Titan is the largest moon of Saturn. It has a roughly circular orbit, and it orbits Saturn at a distance of 1220000 kilometers with a period of 15.9 days. At what speed is Titan moving along its orbit? Give your answer to the nearest kilometer per second.

Okay, so this question is about Saturn’s largest moon, Titan. And we’re told that it has a roughly circular orbit around the planet. Let’s suppose that this pink circle in the middle is Saturn and this here is Titan. This orange circle shows the circular orbit that Titan moves along. We are told that Titan orbits Saturn at a distance of 1220000 kilometers. This distance is the radius of the orbit, which we’ve marked on our diagram and labeled as 𝑟. We’re also told that the period of the orbit is 15.9 days. We’ll label this period as capital 𝑇. And this defines the time taken to complete one full orbit.

We are asked to work out the speed at which Titan is moving. We can recall that the speed of an object is defined as the distance moved by that object divided by the time taken to move that distance. In this case, we know that the period of the orbit is 15.9 days and that this period defines the time taken to travel the distance corresponding to one full orbit. During one full orbit, Titan goes once around this circle. This means that the distance traveled in a time of one period, capital 𝑇, is equal to the circumference of the circle, which we’ll label as capital 𝐶.

So, if we label the speed that Titan moves along its orbit as 𝑣, then we have 𝑣 is equal to the circumference 𝐶 divided by the period 𝑇. The question hasn’t told us what the circumference is, but it has told us the radius of the orbit. We can recall that the circumference 𝐶 of a circle is equal to two 𝜋 multiplied by the circle’s radius 𝑟. So we can calculate the circumference of Titan’s orbit by subbing in this value for the radius into this equation. Once we’ve subbed in the value of 𝑟, we can then evaluate this expression to calculate the circumference 𝐶 as 7665486.07 kilometers, where the ellipses indicate that there are further decimal places.
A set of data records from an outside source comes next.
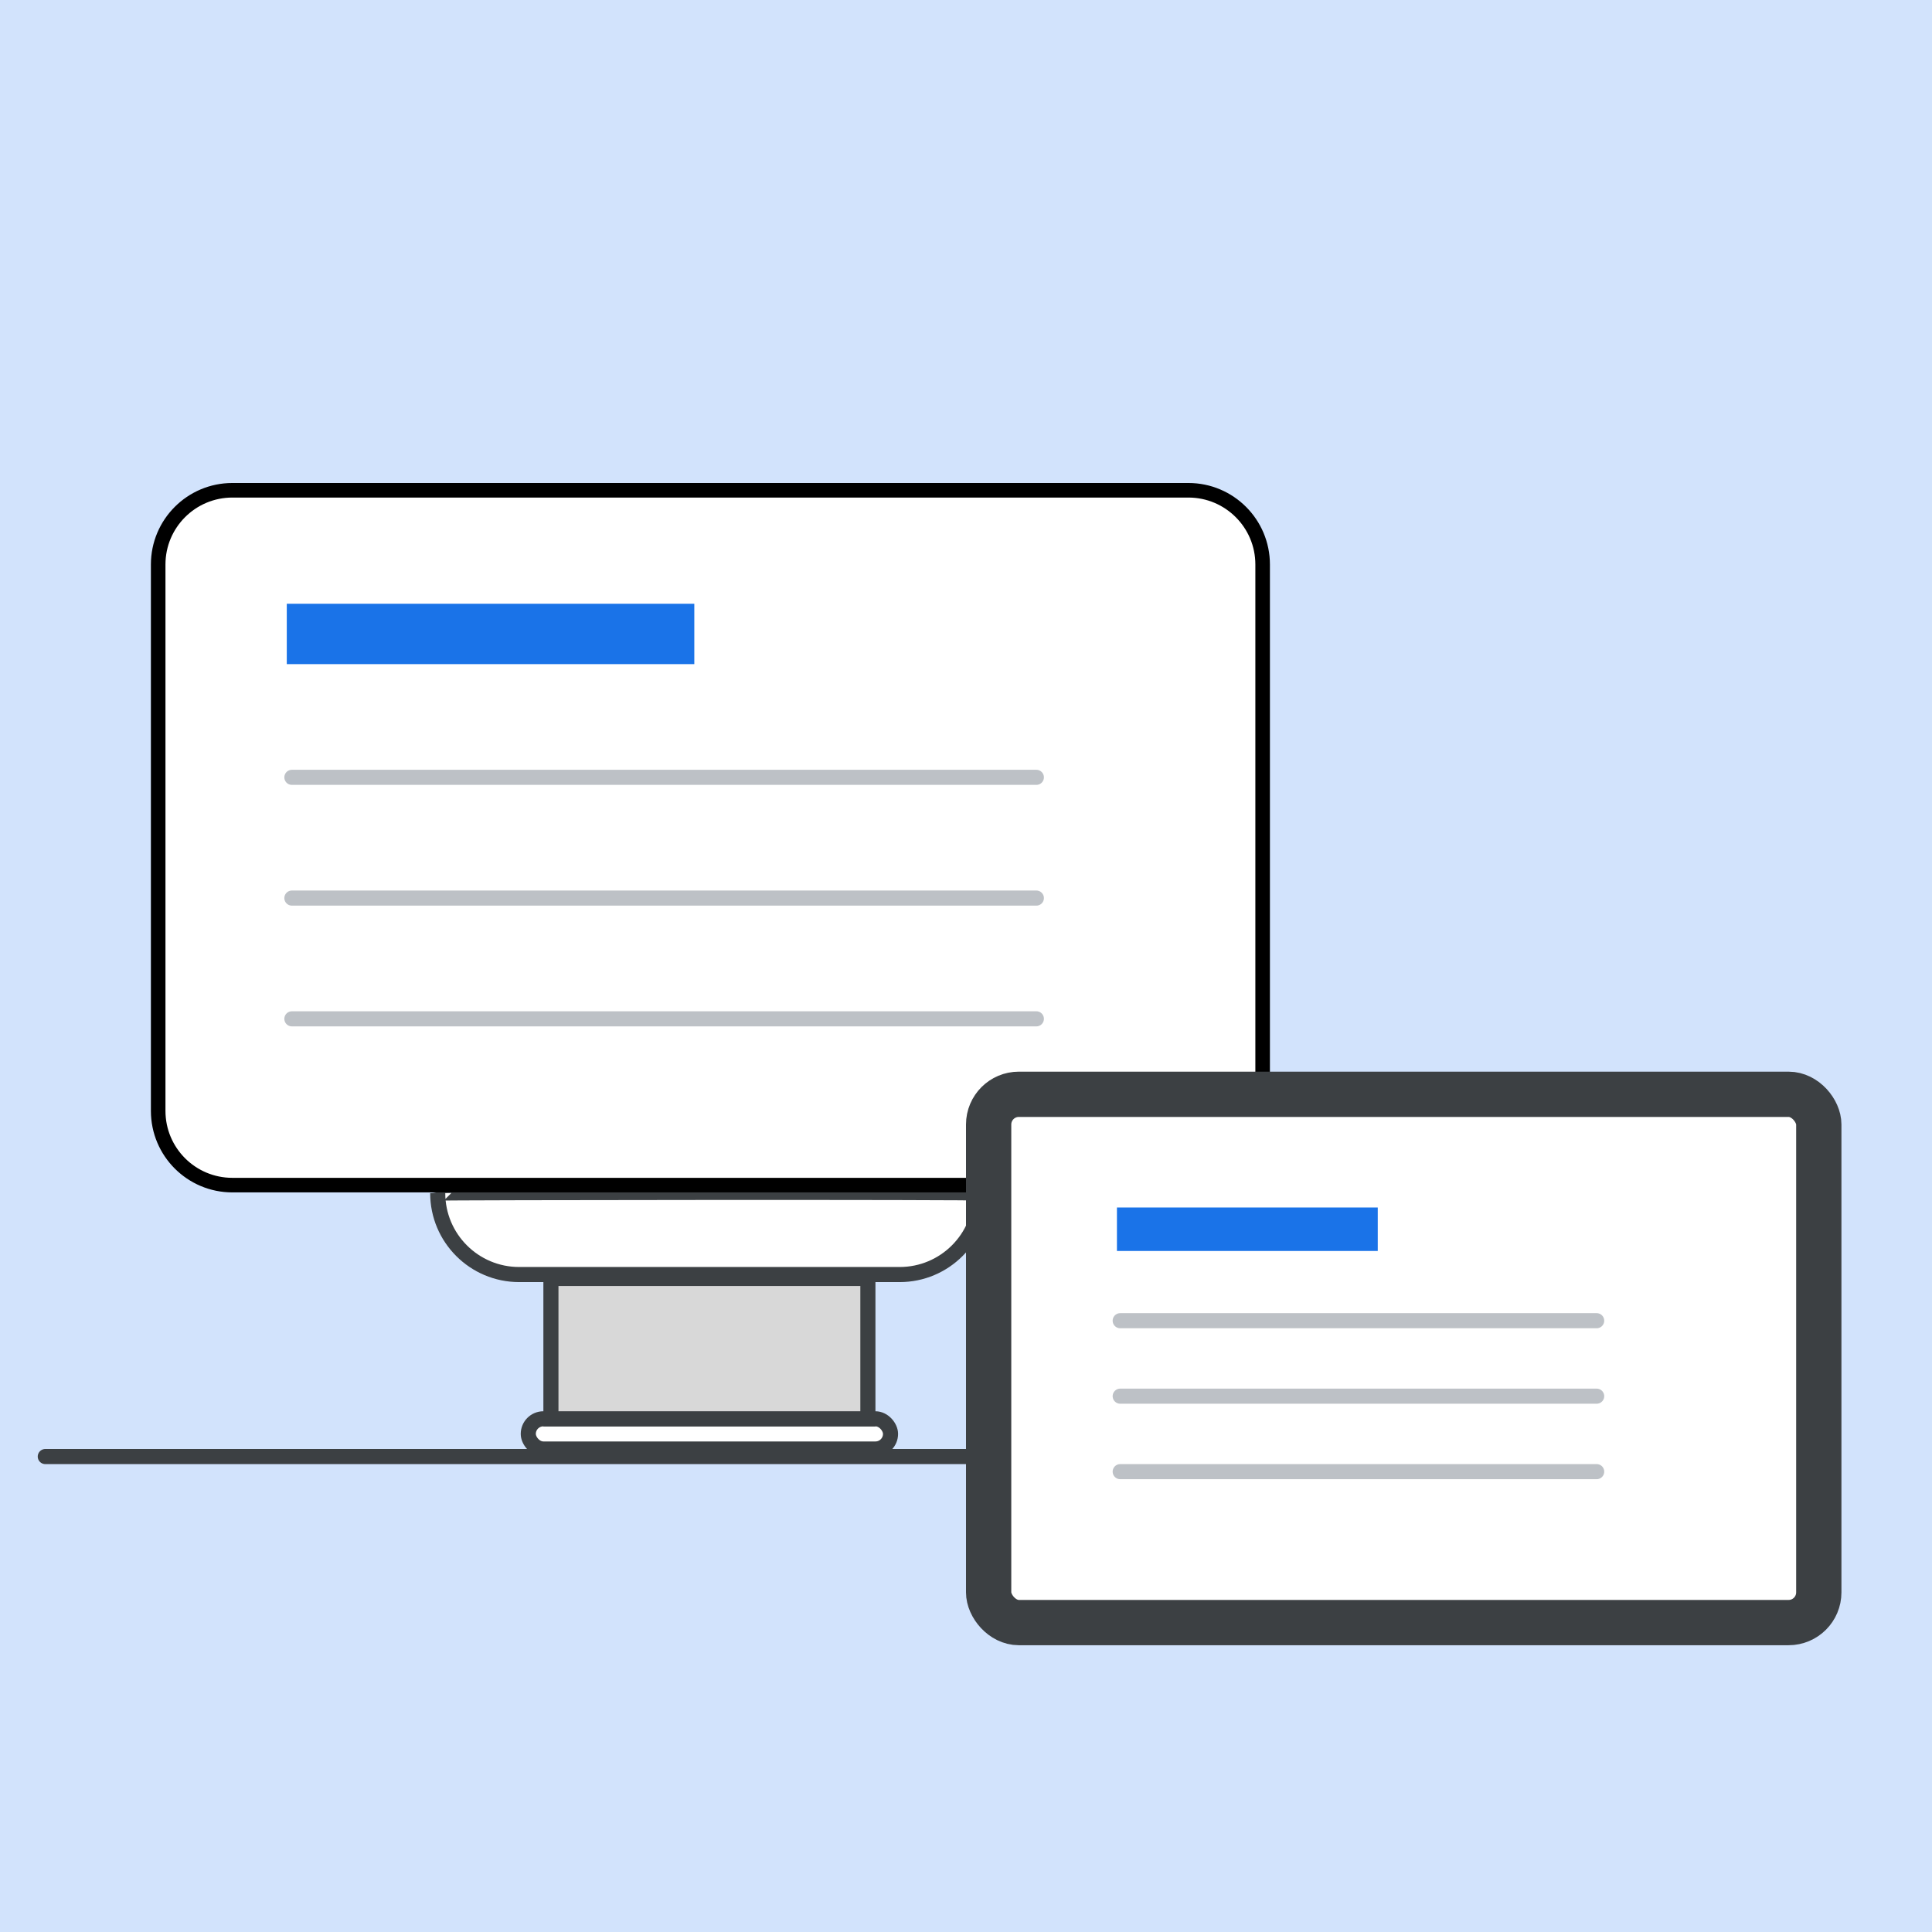 <?xml version="1.0" encoding="UTF-8"?>
<svg width="128px" height="128px" viewBox="0 0 128 128" version="1.1" xmlns="http://www.w3.org/2000/svg" xmlns:xlink="http://www.w3.org/1999/xlink">
    <title>circle-desk27-monitor</title>
    <g id="circle-desk27-monitor" stroke="none" stroke-width="1" fill="none" fill-rule="evenodd">
        <rect fill="#D2E3FC" x="0" y="0" width="128" height="128"></rect>
        <g id="Group" transform="translate(3, 32)">
            <g id="Group-2" transform="translate(0, 47)" stroke="#3C4043">
                <line x1="-2.97508946e-18" y1="17.5" x2="91" y2="17.5" id="baseline" stroke-linecap="round" stroke-linejoin="round"></line>
                <rect id="Rectangle" fill="#FFFFFF" x="32" y="15" width="24" height="2" rx="1"></rect>
                <g id="Attribution---Success-spot-2" transform="translate(26, 0)">
                    <path d="M36,0.047 C36,0.047 36,0.047 36,0.047 C36,3.027 33.585,5.442 30.605,5.442 L5.395,5.442 C2.415,5.442 3.64878387e-16,3.027 0,0.047 C0,0.047 0,0.047 0,0.047 C0,0.003 36,-0.033 36,0.047 Z" id="Rectangle" fill="#FFFFFF"></path>
                    <rect id="Rectangle" fill="#D8D8D8" x="7.5" y="5.701" width="21" height="9.299"></rect>
                </g>
            </g>
            <g id="Group-4" transform="translate(6.998, 0)" fill="#FFFFFF" stroke="#000000" stroke-width="0.965">
                <g id="Frames/desktop-dark-border">
                    <path d="M68.738,0.482 C70.096,0.482 71.325,1.033 72.215,1.923 C73.105,2.813 73.655,4.042 73.655,5.4 L73.655,5.4 L73.655,41.065 C73.655,41.574 73.578,42.065 73.434,42.527 C73.194,43.71 72.575,44.703 71.712,45.409 C70.865,46.102 69.782,46.517 68.602,46.517 L68.602,46.517 L5.398,46.517 C4.04,46.517 2.812,45.967 1.922,45.078 C1.033,44.188 0.482,42.96 0.482,41.602 L0.482,41.602 L0.482,5.398 C0.482,4.04 1.033,2.812 1.922,1.922 C2.812,1.033 4.04,0.482 5.398,0.482 L5.398,0.482 Z" id="border-copy-2"></path>
                </g>
            </g>
        </g>
        <g id="Group-3" transform="translate(59, 71)" stroke="#3C4043" stroke-width="3">
            <rect id="Rectangle" fill="#FFFFFF" x="6.5" y="1.5" width="55" height="35" rx="2"></rect>
            <path d="" id="Rectangle" fill="#000000"></path>
        </g>
        <g id="Group-5" transform="translate(19, 51.2)" stroke="#BDC1C6" stroke-linecap="round" stroke-linejoin="round">
            <g id="UI/line-light-grey" transform="translate(0, 15.8)">
                <line x1="0.338" y1="0.5" x2="49.662" y2="0.5" id="Line-5"></line>
            </g>
            <g id="UI/line-light-grey" transform="translate(0, 7.8)">
                <line x1="0.338" y1="0.5" x2="49.662" y2="0.5" id="Line-5"></line>
            </g>
            <g id="UI/line-light-grey" transform="translate(0, -0.2)">
                <line x1="0.338" y1="0.5" x2="49.662" y2="0.5" id="Line-5"></line>
            </g>
        </g>
        <g id="UI/header-light-grey" transform="translate(19, 40)" fill="#1A73E8">
            <rect id="Rectangle" x="0" y="0" width="27" height="4"></rect>
        </g>
        <g id="Group-5" transform="translate(74, 87.2)" stroke="#BDC1C6" stroke-linecap="round" stroke-linejoin="round">
            <g id="UI/line-light-grey" transform="translate(0, 9.8)">
                <line x1="0.216" y1="0.5" x2="31.784" y2="0.5" id="Line-5"></line>
            </g>
            <g id="UI/line-light-grey" transform="translate(0, 4.8)">
                <line x1="0.216" y1="0.5" x2="31.784" y2="0.5" id="Line-5"></line>
            </g>
            <g id="UI/line-light-grey" transform="translate(0, -0.2)">
                <line x1="0.216" y1="0.5" x2="31.784" y2="0.5" id="Line-5"></line>
            </g>
        </g>
        <rect id="Rectangle" fill="#1A73E8" x="74" y="80" width="17.28" height="2.88"></rect>
    </g>
</svg>

We now have values for both the circumference 𝐶 and the period 𝑇 of the orbit. So we could go ahead and sub those into this equation to calculate the speed 𝑣. However, we can first make our lives a little bit easier. Looking back at the question text again, we see that we are asked to give our answer to the nearest kilometer per second. In order to calculate a speed with units of kilometers per second, we need a distance in units of kilometers and a time in units of seconds. The circumference that we’ve calculated has units of kilometers, which is good. However, the period that we’ve got has units of days. So, before we sub these values into the equation for speed, we should convert the period into units of seconds.

To do this, we can note that there are 24 hours in one day, there are 60 minutes in one hour, and there are 60 seconds in one minute. So, to convert a time from units of days into units of seconds, we take the value in units of days and we multiply this by 24 hours per day, then again by 60 minutes per hour, and finally by 60 seconds per minute. Let’s have a look what the units are doing in this expression. The units of days cancel with the per day. The units of hours cancel with the per hour. And the units of minutes cancel with the per minute. This leaves us with units of seconds. When we evaluate the expression, we find that the period 𝑇 is equal to 1373760 seconds.

So we now have a circumference in units of kilometers and a period in units of seconds. This means that we’re ready to sub the values into this equation to calculate Titan’s speed. Doing this gives us this expression here for the speed 𝑣. Evaluating the expression gives a speed of 5.5799 kilometers per second, where the ellipses show that there are further decimal places. The question asks for our answer to the nearest kilometer per second. To this level of precision, the result rounds up. And our answer to the question is that the speed that Titan is moving along its orbit is six kilometers per second.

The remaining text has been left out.